Abstract
By integrating multiple energy systems at a community level, it is possible to use local
renewable energy supplies and share energy resources between various producers, consumers,
and storages. For heating and cooling needs, this integration occurs through district energy
systems (DES), which can capture waste heat, allow multiple buildings to share thermal energy
resources, and provide renewable energy conversion and resource sharing opportunities. However,
before industry practitioners can leverage DES benefits for communities and cities, we need to
address critical gaps in both the foundational energy modeling tools and the whole-system design approach.
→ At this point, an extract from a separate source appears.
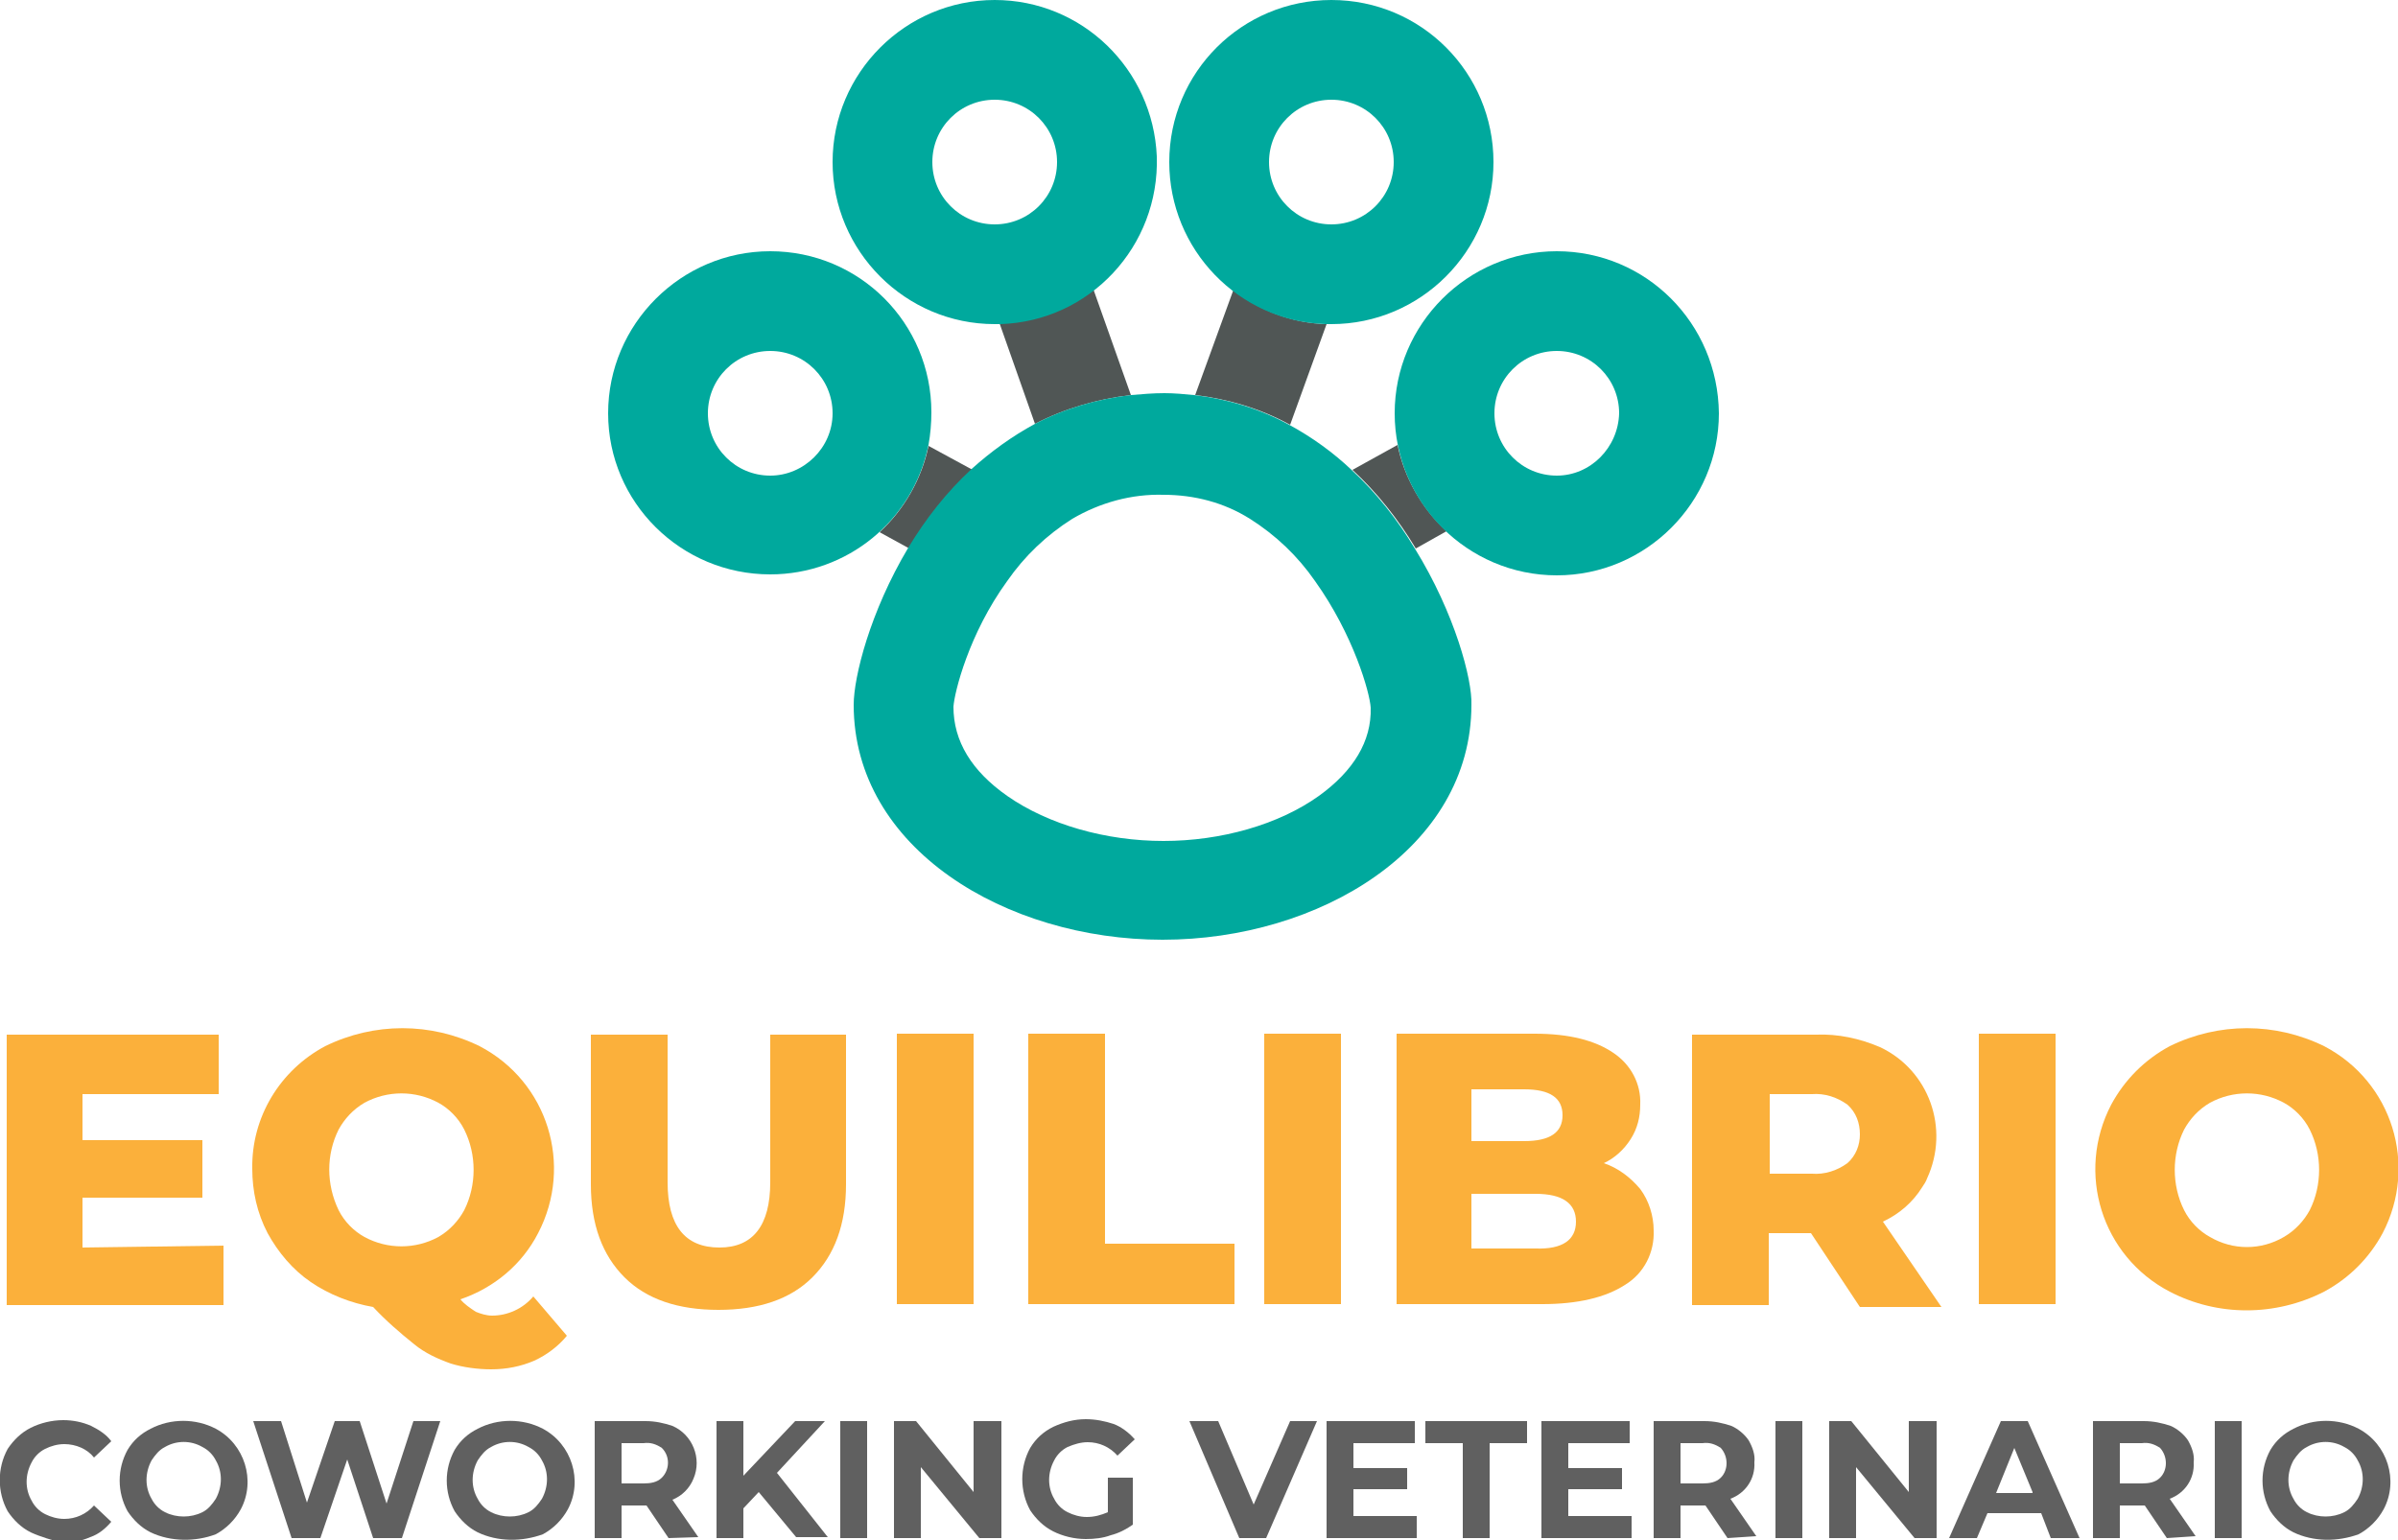 <svg xmlns="http://www.w3.org/2000/svg" xmlns:xlink="http://www.w3.org/1999/xlink" id="Capa_1" x="0px" y="0px" viewBox="0 0 250 160.6" style="enable-background:new 0 0 250 160.6;" xml:space="preserve"><style type="text/css">	.st0{fill:#FBB03B;}	.st1{fill:#606060;}	.st2{fill:#505655;}	.st3{fill:#00A99D;}</style><g>	<path id="Trazado_184" class="st0" d="M23.3,129.9v6.2H0.7v-28.2h22.1v6.2H8.6v4.8h12.5v6H8.6v5.2L23.3,129.9z"></path>	<g id="Grupo_122">		<g>			<g id="Grupo_121-2">				<path id="Trazado_185" class="st0" d="M59.1,139.3c-0.9,1.1-2.1,2-3.4,2.6c-1.4,0.6-2.9,0.9-4.5,0.9c-1.4,0-2.9-0.2-4.2-0.6     c-1.4-0.5-2.7-1.1-3.8-2c-1.5-1.2-3-2.5-4.3-3.9c-2.3-0.4-4.6-1.3-6.5-2.6c-1.9-1.3-3.4-3.1-4.5-5.1c-1.1-2.1-1.6-4.4-1.6-6.7     c-0.1-5.4,2.9-10.3,7.6-12.8c5.1-2.5,11-2.5,16.1,0c7.1,3.7,9.8,12.4,6.1,19.5c-1.7,3.3-4.6,5.7-8.1,6.9c0.4,0.5,1,0.9,1.6,1.3     c0.5,0.2,1.1,0.4,1.7,0.4c1.6,0,3.2-0.7,4.3-2L59.1,139.3z M35.3,126.2c0.6,1.2,1.6,2.2,2.7,2.8c2.4,1.3,5.3,1.3,7.7,0     c1.2-0.7,2.1-1.7,2.7-2.8c1.3-2.6,1.3-5.8,0-8.4c-0.6-1.2-1.6-2.2-2.7-2.8c-2.4-1.3-5.3-1.3-7.7,0c-1.2,0.7-2.1,1.7-2.7,2.8     C34,120.4,34,123.5,35.3,126.2"></path>				<path id="Trazado_186" class="st0" d="M65.1,133.2c-2.3-2.3-3.5-5.5-3.5-9.7v-15.6h8v15.4c0,4.5,1.8,6.8,5.4,6.8     c3.5,0,5.3-2.3,5.3-6.8v-15.4h7.9v15.6c0,4.2-1.2,7.4-3.5,9.7c-2.3,2.3-5.6,3.4-9.8,3.4C70.7,136.6,67.4,135.5,65.1,133.2"></path>				<rect id="Rect&#xE1;ngulo_161" x="93.5" y="107.8" class="st0" width="8" height="28.2"></rect>				<path id="Trazado_187" class="st0" d="M107.2,107.8h8v21.9h13.5v6.3h-21.5V107.8z"></path>				<rect id="Rect&#xE1;ngulo_162" x="131.8" y="107.8" class="st0" width="8" height="28.2"></rect>				<path id="Trazado_188" class="st0" d="M171,124c0.9,1.2,1.4,2.8,1.4,4.3c0.1,2.3-1,4.5-3,5.7c-2,1.3-4.9,2-8.6,2h-15.2v-28.2     h14.4c3.6,0,6.3,0.7,8.2,2c1.8,1.2,2.9,3.2,2.8,5.4c0,1.3-0.3,2.5-1,3.6c-0.7,1.1-1.7,2-2.8,2.5C168.7,121.8,170,122.8,171,124      M153.4,113.6v5.4h5.5c2.7,0,4-0.9,4-2.7c0-1.8-1.3-2.7-4-2.7H153.4z M164.3,127.4c0-1.9-1.4-2.9-4.2-2.9h-6.7v5.7h6.7     C162.9,130.3,164.3,129.3,164.3,127.4"></path>				<path id="Trazado_189" class="st0" d="M188.8,128.6h-4.4v7.5h-8v-28.2h12.9c2.3-0.1,4.6,0.4,6.7,1.3c5.1,2.4,7.3,8.5,4.9,13.7     c-0.1,0.3-0.3,0.6-0.5,0.9c-1,1.6-2.4,2.8-4.1,3.6l6.1,8.9h-8.5L188.8,128.6z M192.6,115.2c-1.1-0.8-2.4-1.2-3.7-1.1h-4.4v8.3     h4.4c1.3,0.1,2.6-0.3,3.7-1.1c0.9-0.8,1.3-1.9,1.3-3C193.9,117.1,193.5,116,192.6,115.2"></path>				<rect id="Rect&#xE1;ngulo_163" x="206.3" y="107.8" class="st0" width="8" height="28.2"></rect>				<path id="Trazado_190" class="st0" d="M226.2,134.7c-7.1-3.7-9.8-12.4-6.1-19.5c1.4-2.6,3.5-4.7,6.1-6.1c5.1-2.5,11-2.5,16.1,0     c7.1,3.7,9.8,12.4,6.1,19.5c-1.4,2.6-3.5,4.7-6.1,6.1C237.2,137.3,231.2,137.3,226.2,134.7 M238.1,129c1.2-0.7,2.1-1.7,2.7-2.8     c1.3-2.6,1.3-5.8,0-8.4c-0.6-1.2-1.6-2.2-2.7-2.8c-2.4-1.3-5.3-1.3-7.7,0c-1.2,0.7-2.1,1.7-2.7,2.8c-1.3,2.6-1.3,5.8,0,8.4     c0.6,1.2,1.6,2.2,2.7,2.8C232.8,130.4,235.7,130.4,238.1,129"></path>				<path id="Trazado_191" class="st1" d="M3.2,159.8c-1-0.5-1.8-1.3-2.4-2.2c-1.1-2-1.1-4.5,0-6.5c0.6-0.9,1.4-1.7,2.4-2.2     c1-0.5,2.2-0.8,3.4-0.8c1,0,2,0.2,2.9,0.6c0.8,0.4,1.6,0.9,2.1,1.6l-1.8,1.7c-0.7-0.9-1.9-1.4-3.1-1.4c-0.7,0-1.4,0.2-2,0.5     c-0.6,0.3-1.1,0.8-1.4,1.4c-0.7,1.3-0.7,2.8,0,4c0.3,0.6,0.8,1.1,1.4,1.4c0.6,0.3,1.3,0.5,2,0.5c1.2,0,2.3-0.5,3.1-1.4l1.8,1.7     c-0.6,0.7-1.3,1.3-2.2,1.6c-0.9,0.4-1.9,0.6-2.9,0.6C5.4,160.6,4.3,160.3,3.2,159.8"></path>				<path id="Trazado_192" class="st1" d="M15.7,159.8c-1-0.5-1.8-1.3-2.4-2.2c-1.1-2-1.1-4.4,0-6.4c0.6-1,1.4-1.7,2.4-2.2     c2.1-1.1,4.7-1.1,6.8,0c3,1.6,4.2,5.4,2.6,8.4c-0.6,1.1-1.5,2-2.6,2.6C20.4,160.8,17.8,160.8,15.7,159.8 M21.1,157.7     c0.6-0.3,1-0.8,1.4-1.4c0.7-1.3,0.7-2.8,0-4c-0.3-0.6-0.8-1.1-1.4-1.4c-1.2-0.7-2.7-0.7-3.9,0c-0.6,0.3-1,0.8-1.4,1.4     c-0.7,1.3-0.7,2.8,0,4c0.3,0.6,0.8,1.1,1.4,1.4C18.4,158.3,19.9,158.3,21.1,157.7"></path>				<path id="Trazado_193" class="st1" d="M45.9,148.2l-4,12.2h-3l-2.7-8.2l-2.8,8.2h-3l-4-12.2h2.9l2.7,8.5l2.9-8.5h2.6l2.8,8.6     l2.8-8.6H45.9z"></path>				<path id="Trazado_194" class="st1" d="M49.8,159.8c-1-0.5-1.8-1.3-2.4-2.2c-1.1-2-1.1-4.4,0-6.4c0.6-1,1.4-1.7,2.4-2.2     c2.1-1.1,4.7-1.1,6.8,0c3,1.6,4.2,5.4,2.6,8.4c-0.6,1.1-1.5,2-2.6,2.6C54.4,160.8,51.9,160.8,49.8,159.8 M55.1,157.7     c0.6-0.3,1-0.8,1.4-1.4c0.7-1.3,0.7-2.8,0-4c-0.3-0.6-0.8-1.1-1.4-1.4c-1.2-0.7-2.7-0.7-3.9,0c-0.6,0.3-1,0.8-1.4,1.4     c-0.7,1.3-0.7,2.8,0,4c0.3,0.6,0.8,1.1,1.4,1.4C52.4,158.3,53.9,158.3,55.1,157.7"></path>				<path id="Trazado_195" class="st1" d="M69.7,160.4l-2.3-3.4h-2.6v3.4h-2.8v-12.2h5.3c1,0,1.9,0.2,2.8,0.5     c2.1,0.9,3.1,3.4,2.2,5.5c-0.4,1-1.2,1.8-2.2,2.2l2.7,3.9L69.7,160.4z M69,151c-0.6-0.4-1.2-0.6-1.9-0.5h-2.3v4.2h2.3     c0.7,0,1.4-0.1,1.9-0.6C69.8,153.3,69.9,151.9,69,151C69,151.1,69,151.1,69,151"></path>				<path id="Trazado_196" class="st1" d="M79.1,155.6l-1.6,1.7v3.1h-2.8v-12.2h2.8v5.7l5.4-5.7H86l-5,5.4l5.3,6.7H83L79.1,155.6z"></path>				<rect id="Rect&#xE1;ngulo_164" x="87.6" y="148.2" class="st1" width="2.8" height="12.2"></rect>				<path id="Trazado_197" class="st1" d="M104.4,148.2v12.2h-2.3L96,153v7.4h-2.8v-12.2h2.3l6,7.4v-7.4H104.4z"></path>				<path id="Trazado_198" class="st1" d="M115.5,154.1h2.6v4.9c-0.7,0.5-1.5,0.9-2.3,1.1c-0.8,0.3-1.7,0.4-2.6,0.4     c-1.2,0-2.4-0.3-3.4-0.8c-1-0.5-1.8-1.3-2.4-2.2c-1.1-2-1.1-4.5,0-6.5c0.6-1,1.4-1.7,2.4-2.2c1.1-0.5,2.2-0.8,3.4-0.8     c1,0,2,0.2,2.9,0.5c0.8,0.3,1.6,0.9,2.2,1.6l-1.8,1.7c-0.8-0.9-1.9-1.4-3.1-1.4c-0.7,0-1.4,0.2-2.1,0.5     c-0.6,0.3-1.1,0.8-1.4,1.4c-0.7,1.3-0.7,2.8,0,4c0.3,0.6,0.8,1.1,1.4,1.4c0.6,0.3,1.3,0.5,2,0.5c0.8,0,1.5-0.2,2.2-0.5     L115.5,154.1z"></path>				<path id="Trazado_199" class="st1" d="M137.3,148.2l-5.3,12.2h-2.8l-5.2-12.2h3l3.7,8.7l3.8-8.7H137.3z"></path>				<path id="Trazado_200" class="st1" d="M147.7,158.1v2.3h-9.4v-12.2h9.2v2.3h-6.4v2.6h5.6v2.2h-5.6v2.8L147.7,158.1z"></path>				<path id="Trazado_201" class="st1" d="M152.5,150.5h-3.9v-2.3h10.6v2.3h-3.9v9.9h-2.8L152.5,150.5z"></path>				<path id="Trazado_202" class="st1" d="M170.1,158.1v2.3h-9.4v-12.2h9.2v2.3h-6.4v2.6h5.6v2.2h-5.6v2.8L170.1,158.1z"></path>				<path id="Trazado_203" class="st1" d="M180.1,160.4l-2.3-3.4h-2.6v3.4h-2.8v-12.2h5.3c1,0,1.9,0.2,2.8,0.5     c0.7,0.3,1.4,0.9,1.8,1.5c0.4,0.7,0.7,1.5,0.6,2.3c0.1,1.7-0.9,3.2-2.5,3.8l2.7,3.9L180.1,160.4z M179.4,151     c-0.6-0.4-1.2-0.6-1.9-0.5h-2.3v4.2h2.3c0.7,0,1.4-0.1,1.9-0.6C180.2,153.3,180.2,151.9,179.4,151     C179.4,151.1,179.4,151.1,179.4,151"></path>				<rect id="Rect&#xE1;ngulo_165" x="185.1" y="148.2" class="st1" width="2.8" height="12.2"></rect>				<path id="Trazado_204" class="st1" d="M201.9,148.2v12.2h-2.3l-6.1-7.4v7.4h-2.8v-12.2h2.3l6,7.4v-7.4H201.9z"></path>				<path id="Trazado_205" class="st1" d="M212.8,157.8h-5.6l-1.1,2.6h-2.9l5.4-12.2h2.8l5.4,12.2h-3L212.8,157.8z M211.9,155.6     L210,151l-1.9,4.7H211.9z"></path>				<path id="Trazado_206" class="st1" d="M225.9,160.4l-2.3-3.4h-2.6v3.4h-2.8v-12.2h5.3c1,0,1.9,0.2,2.8,0.5     c0.7,0.3,1.4,0.9,1.8,1.5c0.4,0.7,0.7,1.5,0.6,2.3c0.1,1.7-0.9,3.2-2.5,3.8l2.7,3.9L225.9,160.4z M225.2,151     c-0.6-0.4-1.2-0.6-1.9-0.5h-2.3v4.2h2.3c0.7,0,1.4-0.1,1.9-0.6C226,153.3,226,151.9,225.2,151     C225.2,151.1,225.2,151.1,225.2,151"></path>				<rect id="Rect&#xE1;ngulo_166" x="230.9" y="148.2" class="st1" width="2.8" height="12.2"></rect>				<path id="Trazado_207" class="st1" d="M239.1,159.8c-1-0.5-1.8-1.3-2.4-2.2c-1.1-2-1.1-4.4,0-6.4c0.6-1,1.4-1.7,2.4-2.2     c2.1-1.1,4.7-1.1,6.8,0c3,1.6,4.2,5.4,2.6,8.4c-0.6,1.1-1.5,2-2.6,2.6C243.7,160.8,241.2,160.8,239.1,159.8 M244.4,157.7     c0.6-0.3,1-0.8,1.4-1.4c0.7-1.3,0.7-2.8,0-4c-0.3-0.6-0.8-1.1-1.4-1.4c-1.2-0.7-2.7-0.7-3.9,0c-0.6,0.3-1,0.8-1.4,1.4     c-0.7,1.3-0.7,2.8,0,4c0.3,0.6,0.8,1.1,1.4,1.4C241.7,158.3,243.2,158.3,244.4,157.7"></path>				<path id="Trazado_208" class="st2" d="M101.4,49c-2.6,2.4-4.8,5.2-6.6,8.2l-3.1-1.7c2.6-2.4,4.4-5.6,5.1-9L101.4,49z"></path>				<path id="Trazado_209" class="st2" d="M150.8,55.4l-3.2,1.8c-1.8-3-4-5.8-6.6-8.2l4.7-2.6C146.4,49.8,148.2,53,150.8,55.4"></path>				<path id="Trazado_210" class="st2" d="M138.3,33.8l-3.8,10.5c-3.1-1.7-6.5-2.7-9.9-3.1l4-11C131.3,32.4,134.7,33.7,138.3,33.8"></path>				<path id="Trazado_211" class="st2" d="M117.9,41.2c-3.5,0.4-6.9,1.4-10,3l-3.7-10.5c3.5-0.1,7-1.4,9.8-3.5L117.9,41.2z"></path>				<path id="Trazado_212" class="st3" d="M103.7,0c-9.3,0-16.9,7.6-16.9,16.9s7.6,16.9,16.9,16.9c0.2,0,0.4,0,0.6,0     c9.3-0.3,16.6-8.1,16.3-17.5C120.2,7.2,112.8,0,103.7,0 M97.2,16.9c0-3.6,2.9-6.5,6.5-6.5c3.6,0,6.5,2.9,6.5,6.5     s-2.9,6.5-6.5,6.5l0,0C100.1,23.4,97.2,20.5,97.2,16.9"></path>				<path id="Trazado_213" class="st3" d="M138.8,0c-9.3,0-16.9,7.5-16.9,16.9c0,9.1,7.2,16.6,16.3,16.9c0.2,0,0.4,0,0.6,0     c9.3,0,16.9-7.6,16.9-16.9S148.2,0,138.8,0 M138.8,23.4c-3.6,0-6.5-2.9-6.5-6.5s2.9-6.5,6.5-6.5c3.6,0,6.5,2.9,6.5,6.5     c0,0,0,0,0,0C145.3,20.5,142.4,23.4,138.8,23.4"></path>				<path id="Trazado_214" class="st3" d="M80.3,26.2c-9.3,0-16.9,7.6-16.9,16.9S71,59.9,80.3,59.9c8,0,14.9-5.6,16.5-13.5     c0.2-1.1,0.3-2.3,0.3-3.4C97.1,33.7,89.6,26.2,80.3,26.2C80.3,26.2,80.3,26.2,80.3,26.2 M80.3,49.6c-3.6,0-6.5-2.9-6.5-6.5     s2.9-6.5,6.5-6.5s6.5,2.9,6.5,6.5C86.8,46.7,83.8,49.6,80.3,49.6"></path>				<path id="Trazado_215" class="st3" d="M162.3,26.2c-9.3,0-16.9,7.6-16.9,16.9c0,9.3,7.6,16.9,16.9,16.9     c9.3,0,16.9-7.6,16.9-16.9C179.1,33.7,171.6,26.2,162.3,26.2C162.3,26.2,162.3,26.2,162.3,26.2 M162.3,49.6     c-3.6,0-6.5-2.9-6.5-6.5c0-3.6,2.9-6.5,6.5-6.5s6.5,2.9,6.5,6.5c0,0,0,0,0,0C168.7,46.7,165.8,49.6,162.3,49.6"></path>				<path id="Trazado_216" class="st3" d="M147.5,57.2c-1.8-3-4-5.8-6.6-8.2c-1.9-1.8-4.1-3.4-6.5-4.7c-3.1-1.7-6.5-2.7-9.9-3.1     c-1-0.1-2.1-0.2-3.1-0.2c-1.2,0-2.3,0.1-3.5,0.2c-3.5,0.4-6.9,1.4-10,3c-2.4,1.3-4.6,2.9-6.6,4.7c-2.6,2.4-4.8,5.2-6.6,8.2     c-4,6.7-5.7,13.5-5.7,16.4c0,15,15.9,24.5,32.2,24.5s32.2-9.5,32.2-24.5C153.5,70.9,151.7,64,147.5,57.2 M137.5,83     c-4.2,3-10.2,4.7-16.2,4.7S109.3,86,105,83c-3.7-2.6-5.6-5.7-5.6-9.3c0.1-1.5,1.6-7.6,5.6-13.1c1.8-2.6,4.1-4.8,6.8-6.5     c2.9-1.7,6.2-2.6,9.5-2.5c3.2,0,6.3,0.8,9,2.5c2.7,1.7,5,3.9,6.8,6.5c4,5.6,5.7,11.6,5.8,13.2C143,77.3,141.1,80.4,137.5,83"></path>			</g>		</g>	</g></g></svg>

As such, the objective of this work is to enable district heating and cooling as linkages with waste-heat
recovery potential for integrated energy systems. To meet this objective, this dissertation
presents several projects on the comprehensive design of DES and their controls, which are made
possible through advancements in Modelica modeling and novel engineering applications of ecosystem
biomimicry.
To address fundamental gaps in modeling software and methods for complete DES
simulation, this dissertation first focused on existing district cooling (DC) and steam-based
district heating (DH) systems. For DC systems, we developed a methodology for DC model-based
retrofits, released new open-source DC models in the Modelica Buildings Library, and leveraged these
models for a real-world case study at the University of Colorado Boulder. Multi-dimensional analysis
of the validated model led to several energy saving strategies, including control setpoint optimization,
equipment modification, and pump setpoint adjustments. Results indicated that a combination of the
studied measures can save the campus annually 84.6 MWh of energy, 8.9% of electricity costs, 58.0 metric
tons of carbon dioxide emissions, while the waterside economizer cuts down chillers’ run times by
201 days/year, reducing maintenance costs and extending chiller life.
For steam-based DH systems, this work improved the performance of water/steam thermodynamic calculations for
heating applications, released numerous DH models in the Modelica Buildings Library, and evaluated the accuracy and
numerical performance of our new modeling approach from fluid mediums to complete districts. We improved the numerical
performance of water/steam thermodynamic calculations by coupling a numerically efficient liquid water model
(that represents enthalpy as a function of temperature only) with an industrial water/steam model (i.e., IAPWS IF97).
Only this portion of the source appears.